**Records for this task**:
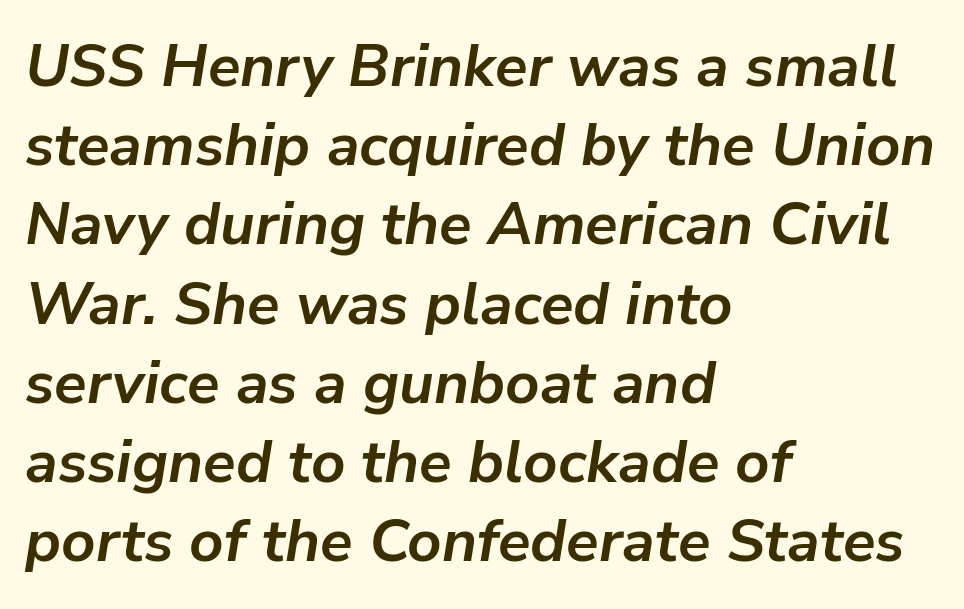
Does the weight exceed regular? Yes, all the way to bold. You can tell it's italic because the verticals aren't actually vertical. Tracking here is standard; glyphs follow each other at the usual distance. Layout note: lines flush left.
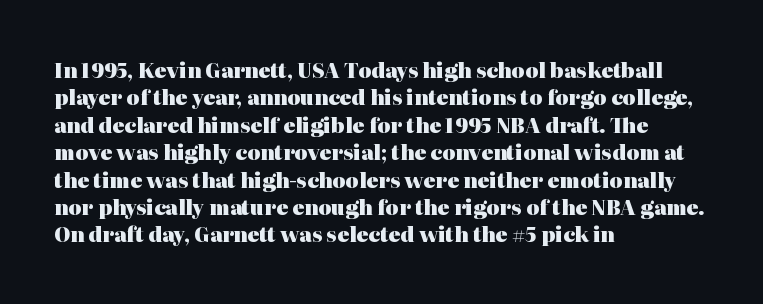
{"italic": "no", "bold": "yes", "underline": "no", "align": "left", "line_spacing": "normal", "line_spacing_ratio": 1.37, "letter_spacing": "normal", "letter_spacing_em": 0.0, "glyph_px": 20}
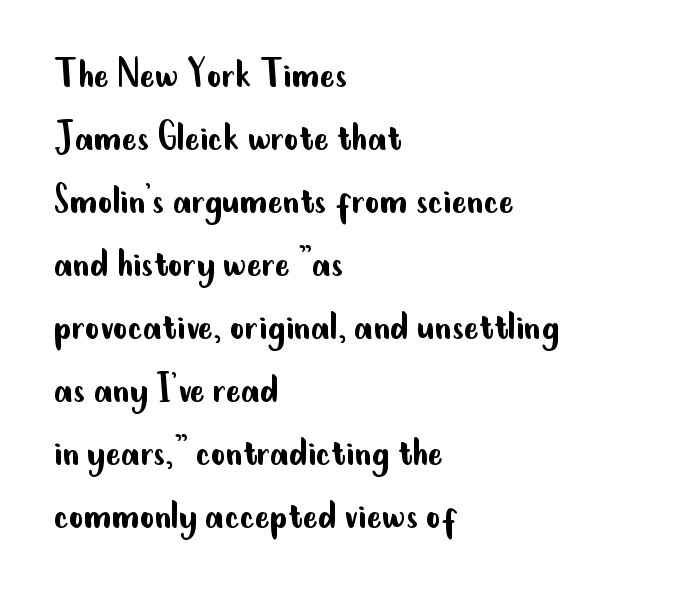
Q: Is the text bold? A: No.
Q: Is the text italic (slanted)? A: No, it is upright.
Q: Is the typeface a serif or a sans-serif typeface? A: Sans-serif.
Q: Is the text underlined? A: No.
Q: How is the paragraph aligned? A: Left-aligned.
Q: Is the spacing between letters normal or unusually wide? A: Normal.
Q: Is the spacing between lines tight, normal or loose? A: Normal.
Q: Width (condensed, normal, or wide)? A: Condensed.
Q: Stroke contrast? A: Low.
Q: x-height? A: Small.
Q: Monospaced? A: No.
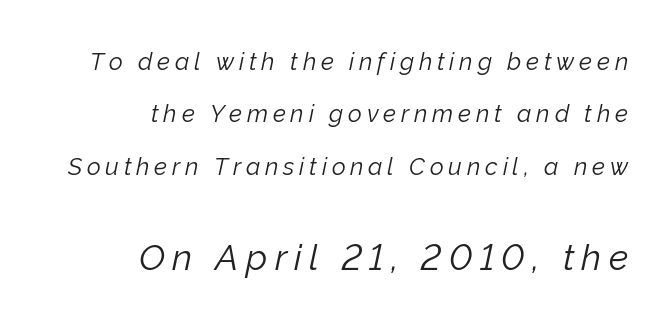
If you measured baseline to baseline, you'd find a long distance. The glyphs look as if they've been sheared to an angle. Think standard paragraph weight, or any step lighter than that. Visually, the bottom section dominates because its glyphs are scaled up. Descenders hang freely into open space. Display-style spreading of the glyphs; the letterfit is very open.
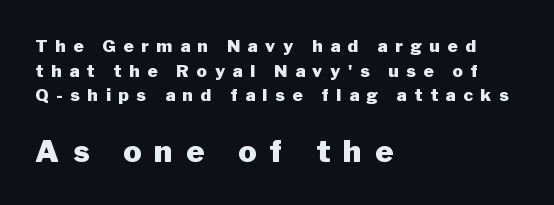
The image shows 30 px heavy sans-serif type, upright; set left-aligned, normal line spacing (1.45x), unusually wide letter spacing (+0.46 em), not underlined; the second (bottom) block is 1.76x larger; low stroke contrast and a medium x-height.
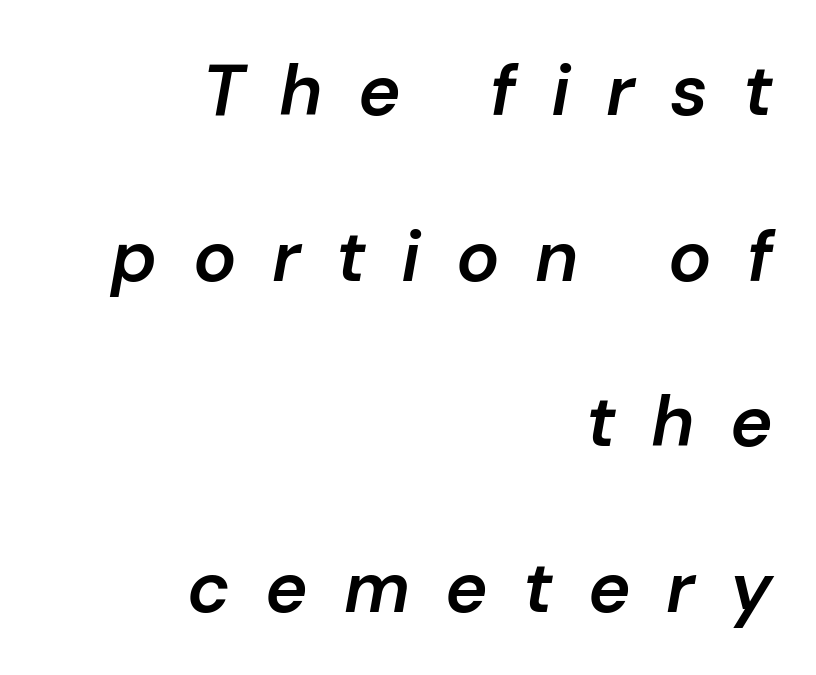
The image shows 72 px semibold type, italic (leaning right); set right-aligned, loose line spacing (2.3x), unusually wide letter spacing (+0.49 em), not underlined; low stroke contrast and a medium x-height.
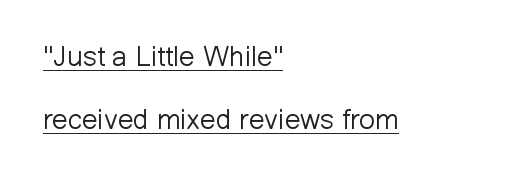
{"serif": "no", "italic": "no", "bold": "no", "weight": "light", "width": "normal", "stroke_contrast": "low", "x_height": "medium", "monospaced": "no", "underline": "yes", "align": "left", "line_spacing": "loose", "line_spacing_ratio": 2.24, "letter_spacing": "normal", "letter_spacing_em": 0.0, "glyph_px": 28}
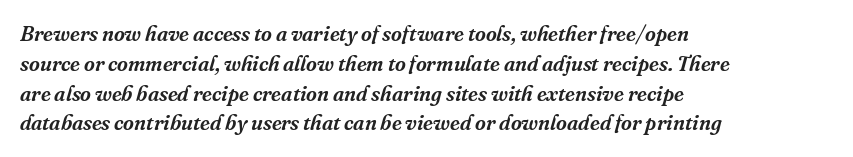
The designer left line spacing at the default. Letters rest on an invisible, unmarked baseline. The rendering applies a slant to the glyphs. The type is set solid horizontally, with unmodified tracking. The passage is arranged the way most books set body copy — flush left.
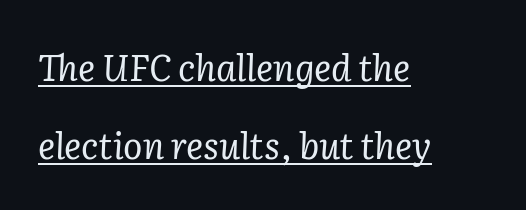
The image shows 36 px regular-weight serif type, italic (leaning right); set left-aligned, loose line spacing (2.17x), normal letter spacing, underlined; low stroke contrast and a medium x-height.
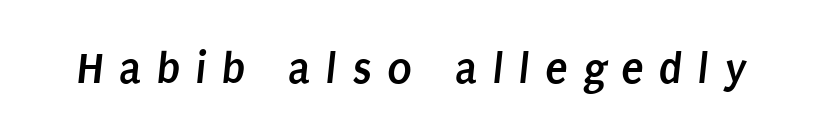
Q: Is the text bold? A: Yes.
Q: Is the typeface a serif or a sans-serif typeface? A: Sans-serif.
Q: Is the text underlined? A: No.
Q: Is the spacing between letters normal or unusually wide? A: Unusually wide.
Q: Width (condensed, normal, or wide)? A: Condensed.
Q: Stroke contrast? A: Low.
Q: x-height? A: Large.
Q: Monospaced? A: No.
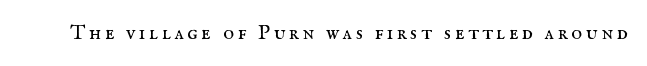
Nope, not italic — everything's standing straight. Weight: regular or lighter. This rendering features lettering with no underline.
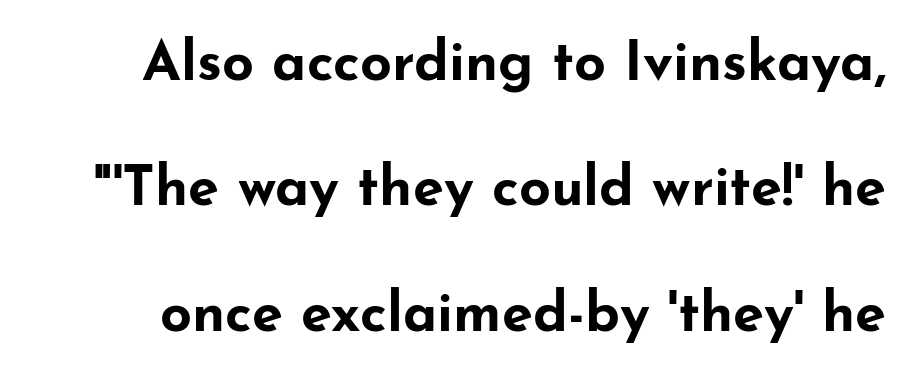
Regarding serifs, this sample does without them. Beneath every word, the page is bare. Posture: straight, roman, zero tilt. Observe the ordinary spacing: letters are neighbours, not strangers. In terms of weight, the rendering is a true, heavy bold.
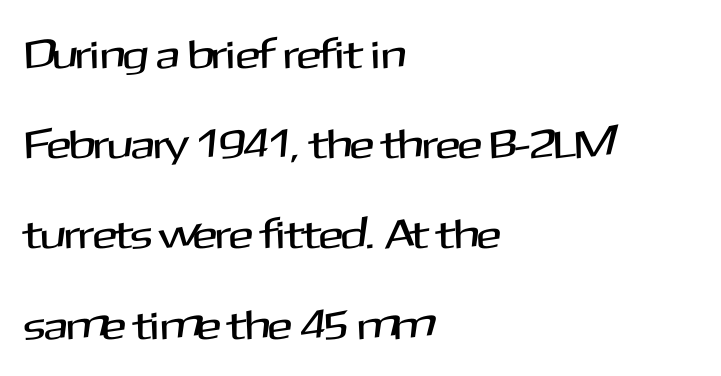
Q: Is the text italic (slanted)? A: No, it is upright.
Q: Is the typeface a serif or a sans-serif typeface? A: Sans-serif.
Q: Is the text underlined? A: No.
Q: How is the paragraph aligned? A: Left-aligned.
Q: Is the spacing between letters normal or unusually wide? A: Normal.
Q: Is the spacing between lines tight, normal or loose? A: Loose.
Q: Width (condensed, normal, or wide)? A: Normal.
Q: Stroke contrast? A: Medium.
Q: x-height? A: Medium.
Q: Monospaced? A: No.
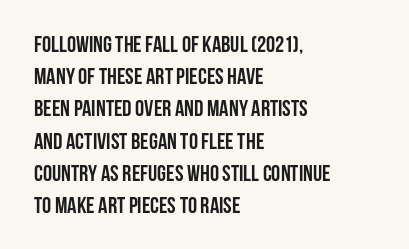
The image shows 23 px bold type, upright; set left-aligned, normal line spacing (1.4x), normal letter spacing, not underlined.
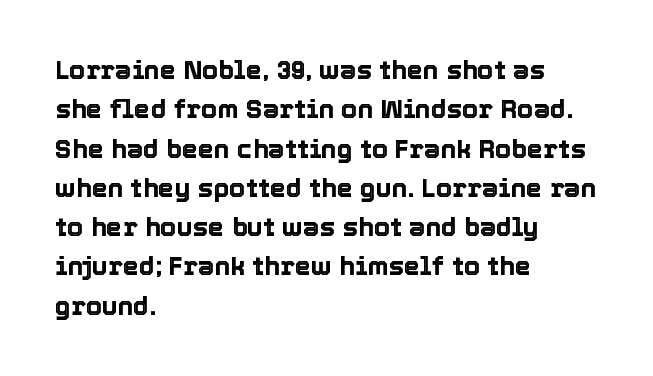
{"italic": "no", "underline": "no", "align": "left", "line_spacing": "normal", "line_spacing_ratio": 1.51, "letter_spacing": "normal", "letter_spacing_em": 0.0, "glyph_px": 26}
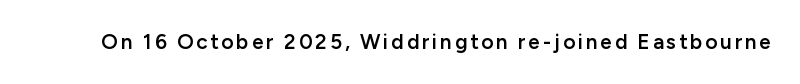
The image shows 21 px text type, upright; set not underlined.
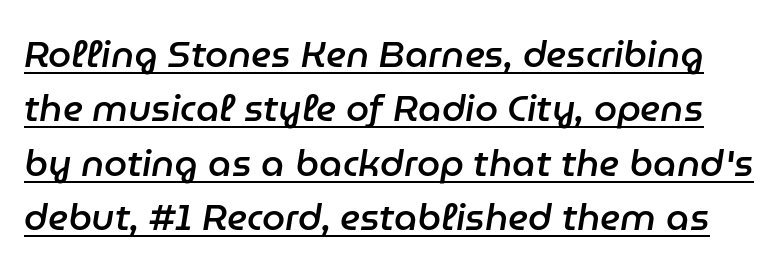
The image shows 37 px semibold type, italic (leaning right); set normal line spacing (1.47x), normal letter spacing, underlined; low stroke contrast and a medium x-height.
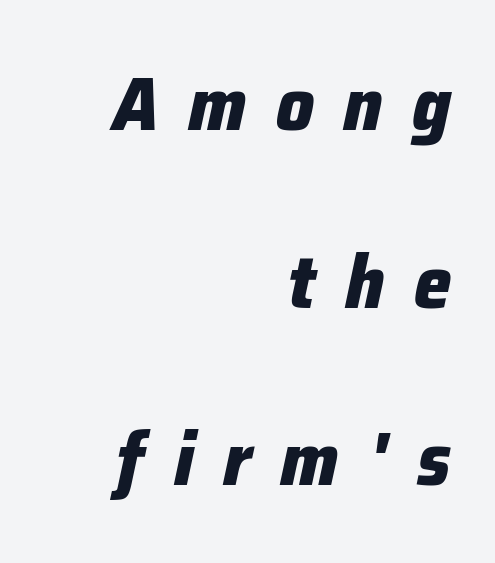
The image shows 75 px heavy type, italic (leaning right); set right-aligned, loose line spacing (2.37x), unusually wide letter spacing (+0.39 em), not underlined; low stroke contrast and a medium x-height.
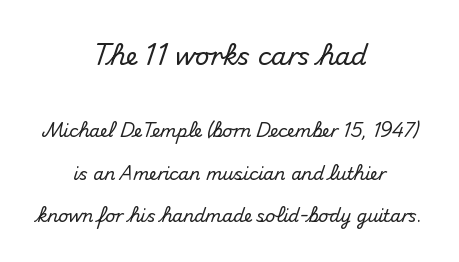
The image shows 25 px text type; set centered, loose line spacing (2.49x), normal letter spacing, not underlined; the first (top) block is 1.47x larger.
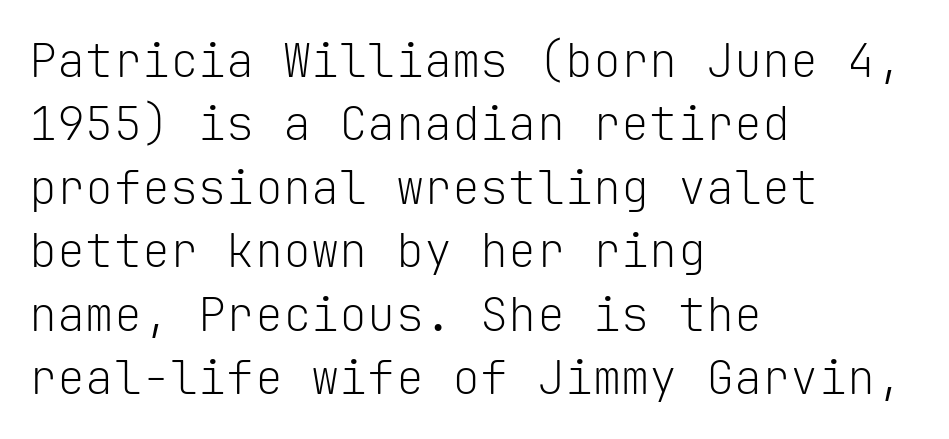
The image shows 47 px light sans-serif type, upright, monospaced; set left-aligned, normal line spacing (1.35x), normal letter spacing, not underlined; low stroke contrast and a medium x-height.
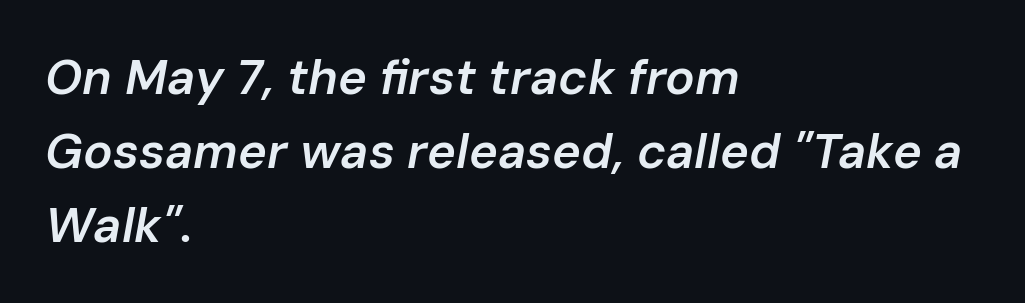
The image shows 49 px semibold type, italic (leaning right); set left-aligned, normal line spacing (1.51x), normal letter spacing, not underlined; low stroke contrast and a medium x-height.
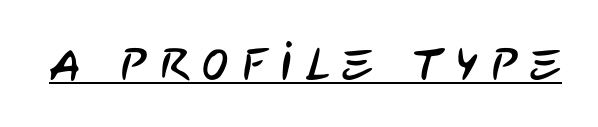
{"serif": "no", "width": "condensed", "stroke_contrast": "low", "x_height": "large", "monospaced": "no", "underline": "yes", "letter_spacing": "wide", "letter_spacing_em": 0.29, "glyph_px": 44}
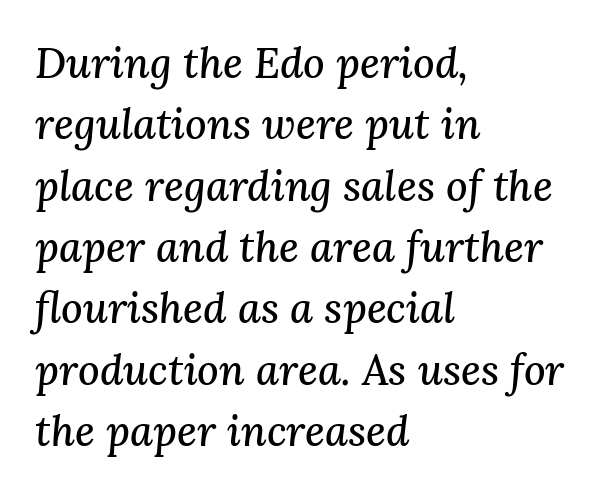
The image shows 42 px serif type, italic (leaning right); set left-aligned, normal line spacing (1.46x), normal letter spacing, not underlined; medium stroke contrast and a medium x-height.
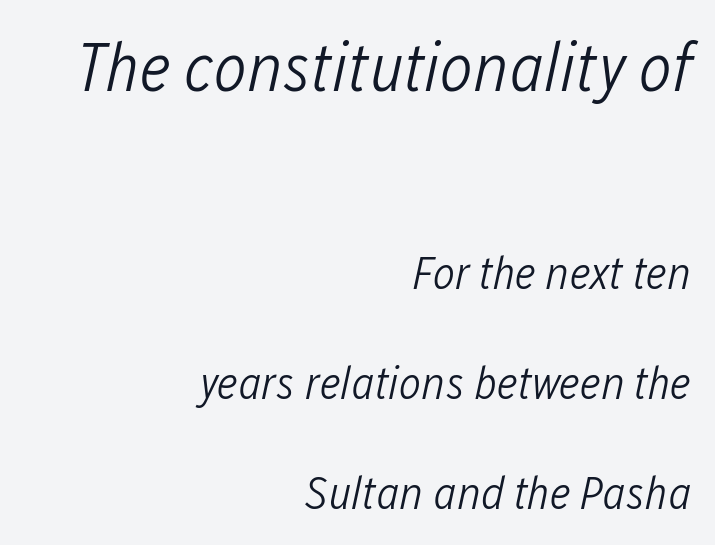
Is the block centered? No — it sits flush against the right margin. The passage shown is not underscored anywhere. The earlier block is typeset at a bigger size than the later block. The face used here is proportionally spaced, like ordinary book or web type.
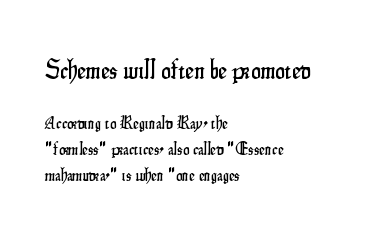
The image shows 27 px text type, upright; set left-aligned, normal line spacing (1.45x), normal letter spacing, not underlined; the first (top) block is 1.5x larger.
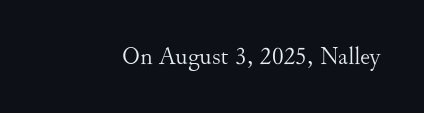
The rendering keeps characters at their native spacing. The font sits on the lighter half of the weight spectrum, regular included. Quick note: underline off. Is there any slant? The stems are plumb.
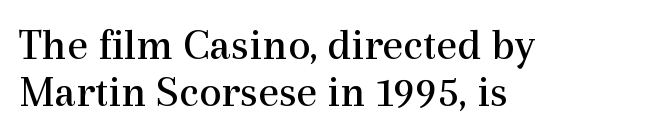
Q: Is the text bold? A: No.
Q: Is the text italic (slanted)? A: No, it is upright.
Q: Is the typeface a serif or a sans-serif typeface? A: Serif.
Q: Is the text underlined? A: No.
Q: How is the paragraph aligned? A: Left-aligned.
Q: Is the spacing between letters normal or unusually wide? A: Normal.
Q: Is the spacing between lines tight, normal or loose? A: Tight.
Q: Width (condensed, normal, or wide)? A: Normal.
Q: x-height? A: Medium.
Q: Monospaced? A: No.
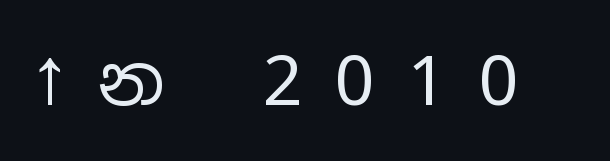
Loose tracking; the words dissolve into strings of separated letters. The glyphs are unaccompanied by any horizontal stroke below them. Each letter's strokes conclude bluntly, with no projecting serifs. Proportional: the letters do not fall into vertical columns. When letters stand straight like this, we call the style roman or upright.
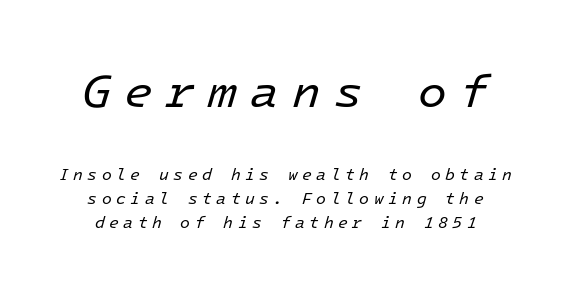
A clean baseline with only descenders dipping below it. This sample uses an oblique cut, with every glyph tilted off the vertical. Monospaced: the letters line up in strict vertical columns. Weight: regular or lighter. These lines have a slow, spaced-out rhythm from letter to letter. Note: larger setting up top, smaller setting below.

**Exercise goal**:
Collect every line with the string "than" from the records, and copy each.

**Result of the exercise**:
If you measured baseline to baseline, you'd find a long distance. The glyphs look as if they've been sheared to an angle. Think standard paragraph weight, or any step lighter than that. Visually, the bottom section dominates because its glyphs are scaled up. Descenders hang freely into open space. Display-style spreading of the glyphs; the letterfit is very open.
Is the block centered? No — it sits flush against the right margin. The passage shown is not underscored anywhere. The earlier block is typeset at a bigger size than the later block. The face used here is proportionally spaced, like ordinary book or web type.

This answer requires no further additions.